Sunday, November 29, 2020

Holiday Window Gazing- Breeze, Bluster, Flurry (334)

These leaves were a message sent from someplace- someplace that recognized I needed a connection. A tether, to allow myself to pull closer to the now. When we feel lost and tossed about, it is a lifeline we need. A presentation of hope. A thread we have to accept and use. For no one can bring us back into the fold but ourselves.


I hardly ever stare out a window for an extended period of time. I always see in movies how people do that- gaze at a skyline or beautiful landscape lovingly- pondering their plight or relationships. Generally its snowing outside, they are sitting in a window sill, hot tea in hand. 

It is a staple in the myriad of holiday films flooding the television waves as of late. Windows, landscape, quiet reflective music = epiphany. It seems hokey but it works.

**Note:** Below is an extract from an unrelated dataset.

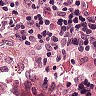
Metastatic tissue present: no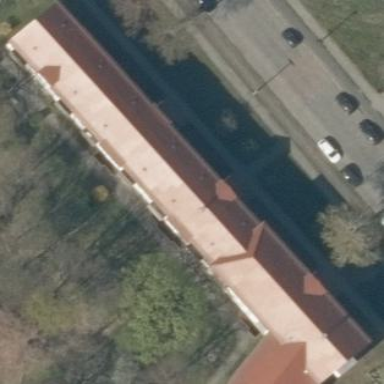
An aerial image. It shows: View of apartment building.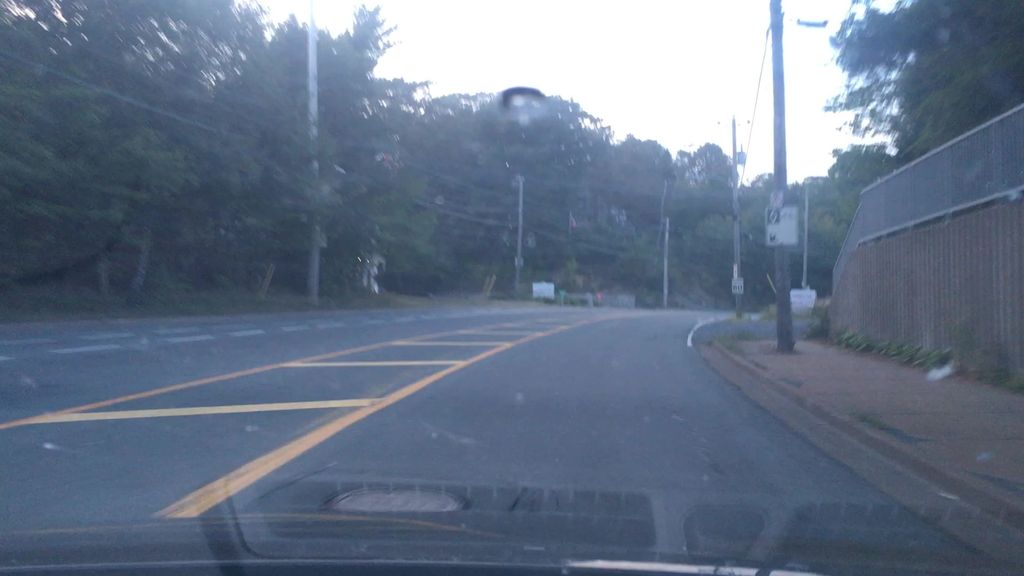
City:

I do not have a plight- nothing horrible has happened to me personally. I am working through the same tribulations everyone else is. But, I feel a bit lost as of late. I guess I do not feel sad or angry- just lost. Today I stared out my front window, into the street and there was this pile of leaves. I guess a pile is a heavy word, for a light gathering, but nonetheless, it was a pile that became a layer, and then a few. 

The chilly, brisk breeze was tossing them about the concrete. The larger ones scattering, ending up in nearby yards. The medium and small leaves hanging on tight to the formation. Each updraft swirling them and then allowing them to fall gently into a semicircle. 

Almost on cue, every minute or so a dust devil whirled them aloft and a bluster knocked them down again. It was calming to say the least- just watching, window gazing.

Then a truck turned the corner and knocked them into the gutter. I thought my morning gaze was over, but just then a gentle nudge, whether from breeze or momentum, I will never know- slid them back into their position and the cycle began again. 

Medium brown and small red and yellow leaves kicked themselves up and down again, until they fell gently into a semicircle. Sometimes landing upright, others faces down. Dull and then shiny exteriors switching on and off like blinking holiday lights.

I felt like this mental excursion was only a few minutes. But when my hot tea arrived, I looked over at the clock and thirty minutes had passed. I had been lured into natures story for half an hour. I shook off the restlessness and went about my morning activities. 

Then I decided to rest again, same spot, looking to see if the leaves had regained their acrobatic display but the street was empty. The gutter was empty. I felt a ping of sadness. Strange, I thought my instinct to miss these leaves, to miss that moment of gaze.

Just as I accepted my loss, my ten year old opened the door. A whoosh of damp, cold air, flooded in. My hair tickled by the message of fall. He ran into the yard, "Its chilly out here, it feels like winter." As I went to the porch to test the resolve of the autumn westerlies, I felt a scrap on my ankle. I looked down and a few brown, red and yellow leaves settled themselves atop my feet. Attaching themselves to my thick, winter socks. 

Five of them in fact. 

The last five, I believe, I had seen dancing together in the breeze, bluster, dust devil of yore. Having felt my longing, they found their way yo my yard, to my porch and the breeze knocked them into my orbit. 

These moments we allow ourselves, to just stare out a window are important. Letting our mind wander and our visual input, attach itself to leaves being tossed about in the street- can be a graceful opener to our day. 

I have a new found appreciation for the holiday movie window gaze- in fact I have decided to adopt it as part of my daily meditation. I think that emptying ones mind to the sounds and acts of nature and thought is so important. I just tend to do it with eyes shut and quiet. Today I learned that nature wants to be a part of it- needs to be apart of it.

And the leaves....they are a gift you see from nature. For even indoors she remembers to say hello. She remembers to tap us on the shoulder and say look outside- we are all in this together.